Statistical Properties of Large Margin Classifiers

Peter Bartlett
BIOwulf Technologies
(visiting UC Berkeley)
 

Many successful pattern classification algorithms can be viewed as large margin classifiers: they use thresholded real-valued functions, and choose these functions by minimizing a cost function involving the margin (the amount by which the function's value lies to the correct side of the threshold).  Voting methods such as adaboost, kernel methods such as support vector machines, neural network classifiers, and logistic regression can all be viewed in this way.  This talk will present recent results on the convergence of the risk (misclassification probability) of large margin classifiers.

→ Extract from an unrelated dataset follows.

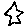
Label: star
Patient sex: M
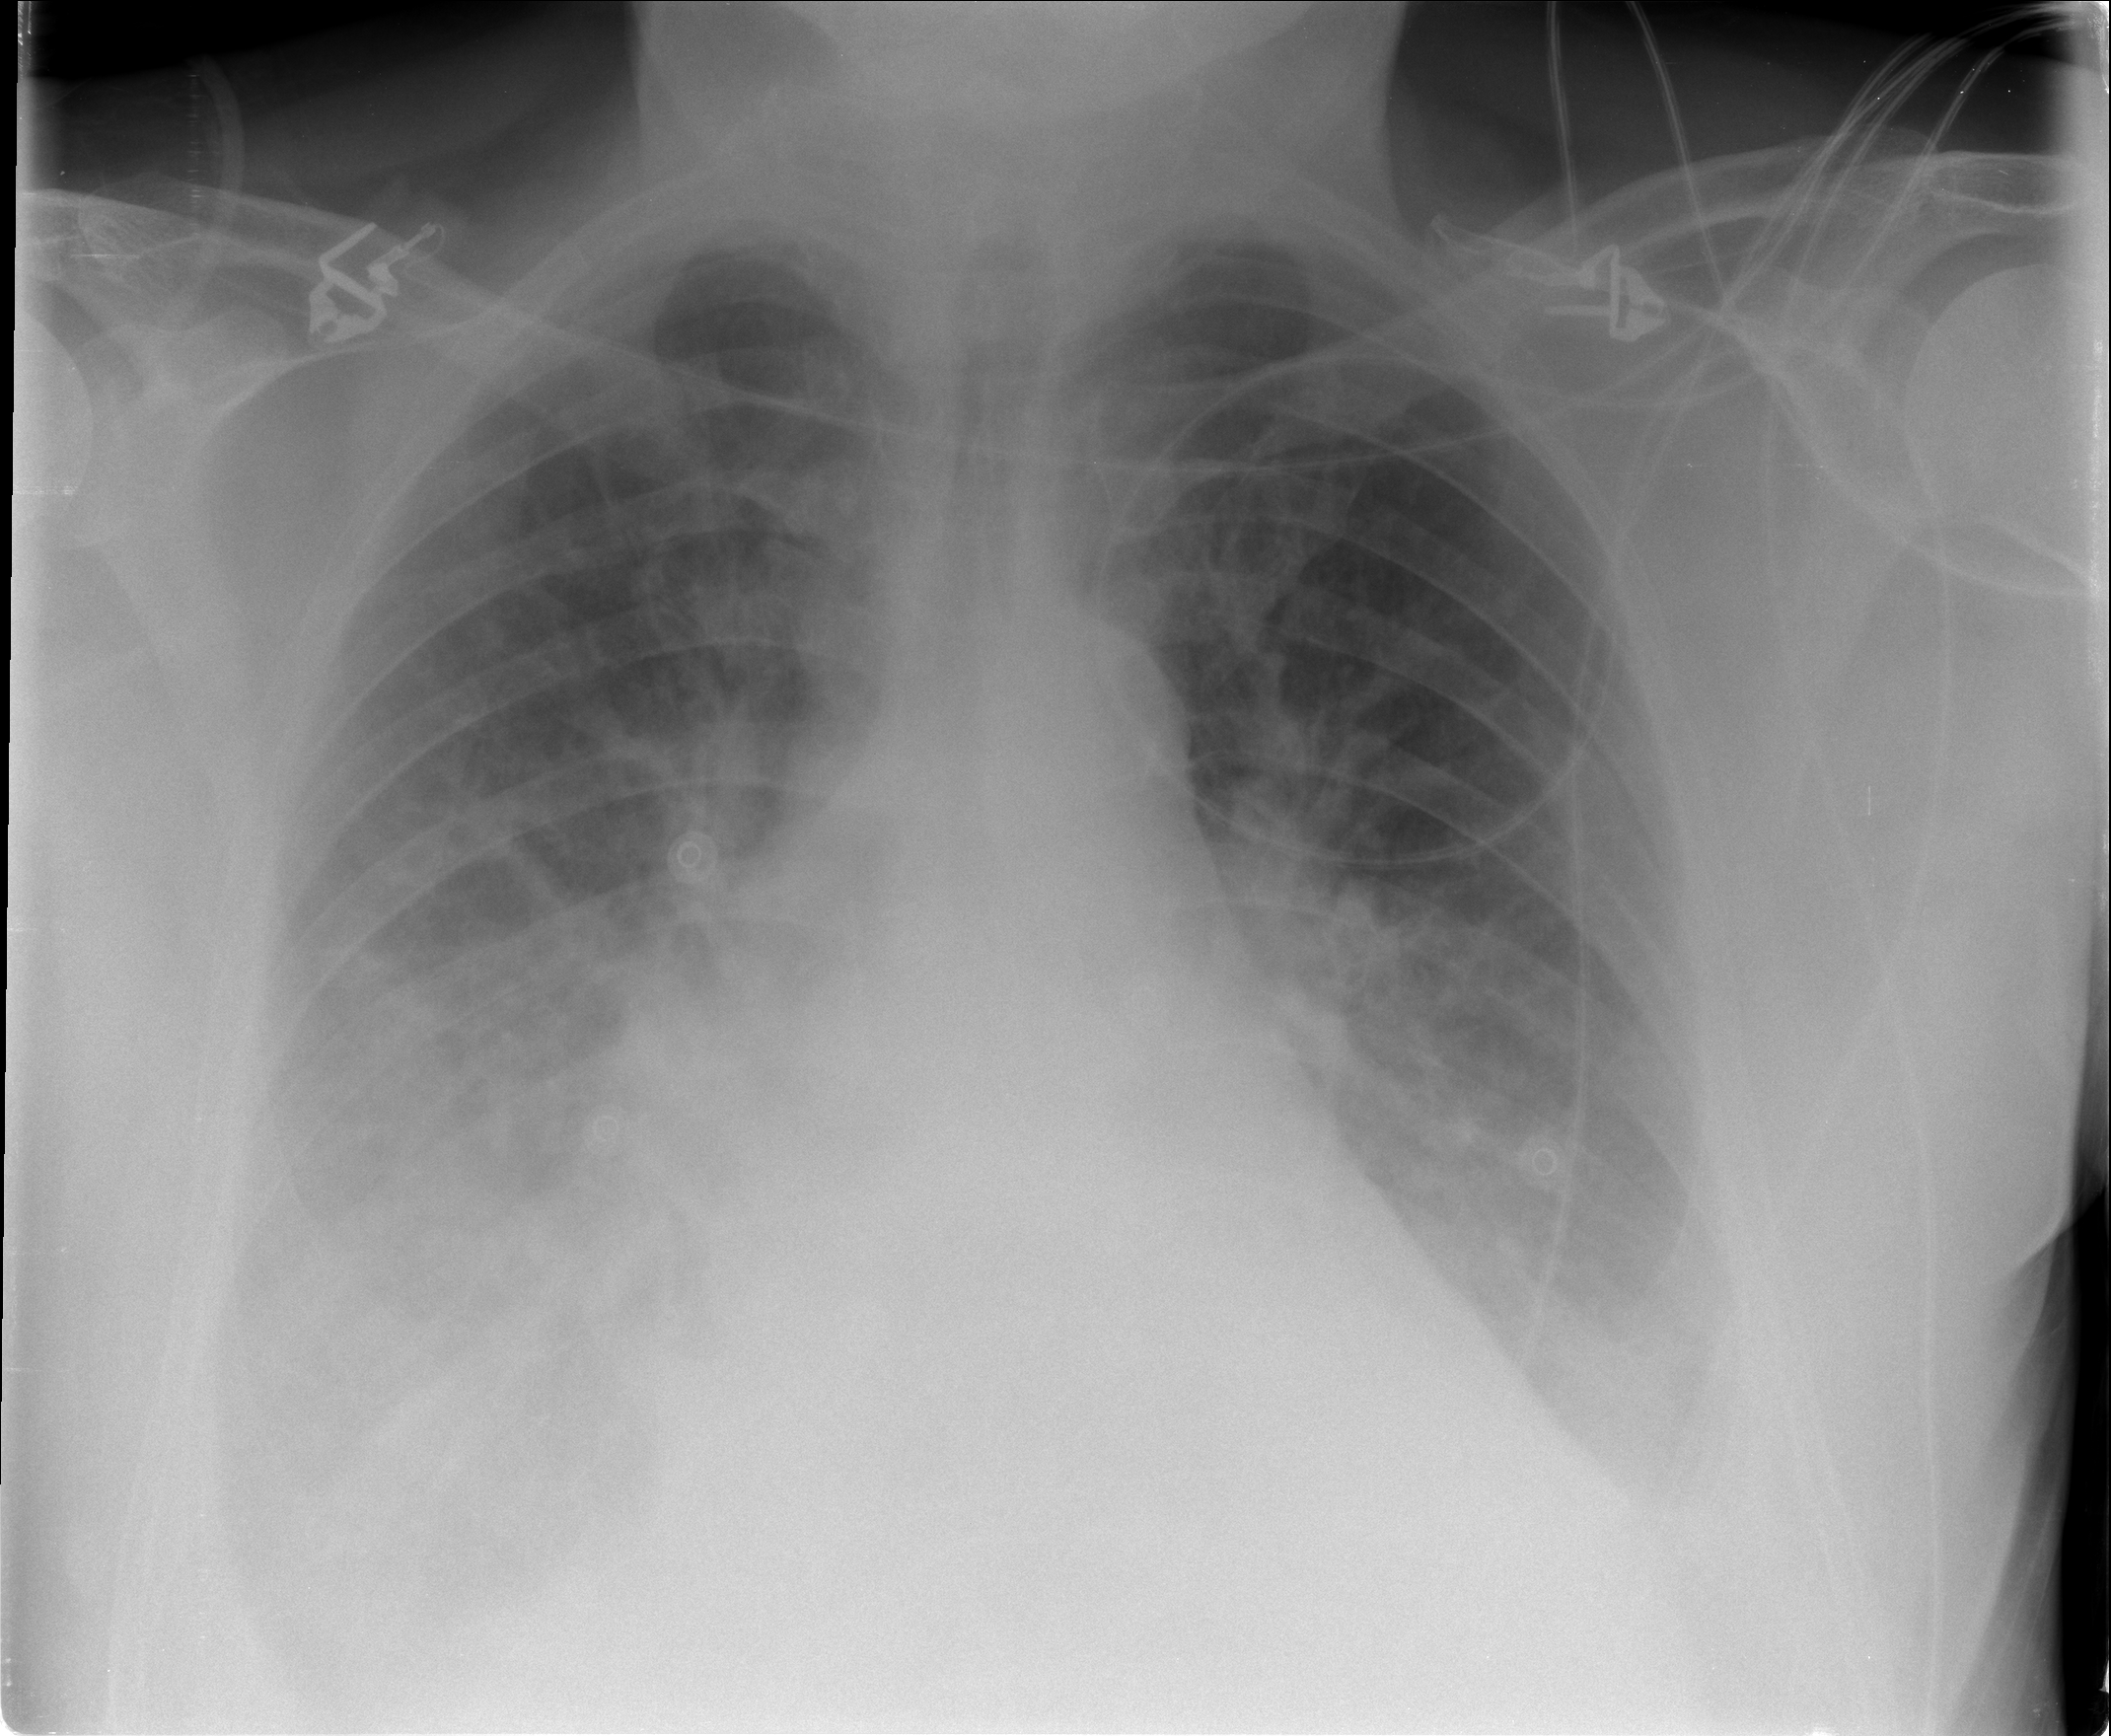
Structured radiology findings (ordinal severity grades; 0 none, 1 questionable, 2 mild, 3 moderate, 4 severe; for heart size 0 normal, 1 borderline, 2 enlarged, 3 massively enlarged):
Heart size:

Finding a classifier from some class with risk near the minimal value over that class is computationally infeasible for many interesting classes.  As a consequence of our results, we show that large margin classification algorithms can be viewed as computationally feasible approaches to approximately minimizing risk, where the notion of approximation error depends on the margin cost function.

We also show that under Tsybakov's low noise assumption (for instance, that the conditional probability of one class is bounded away from 1/2), the risk converges surprisingly quickly: as quickly as the rates exhibited by Tsybakov using the computationally infeasible approach of empirical risk minimization.

(joint work with Jon McAuliffe and Mike Jordan)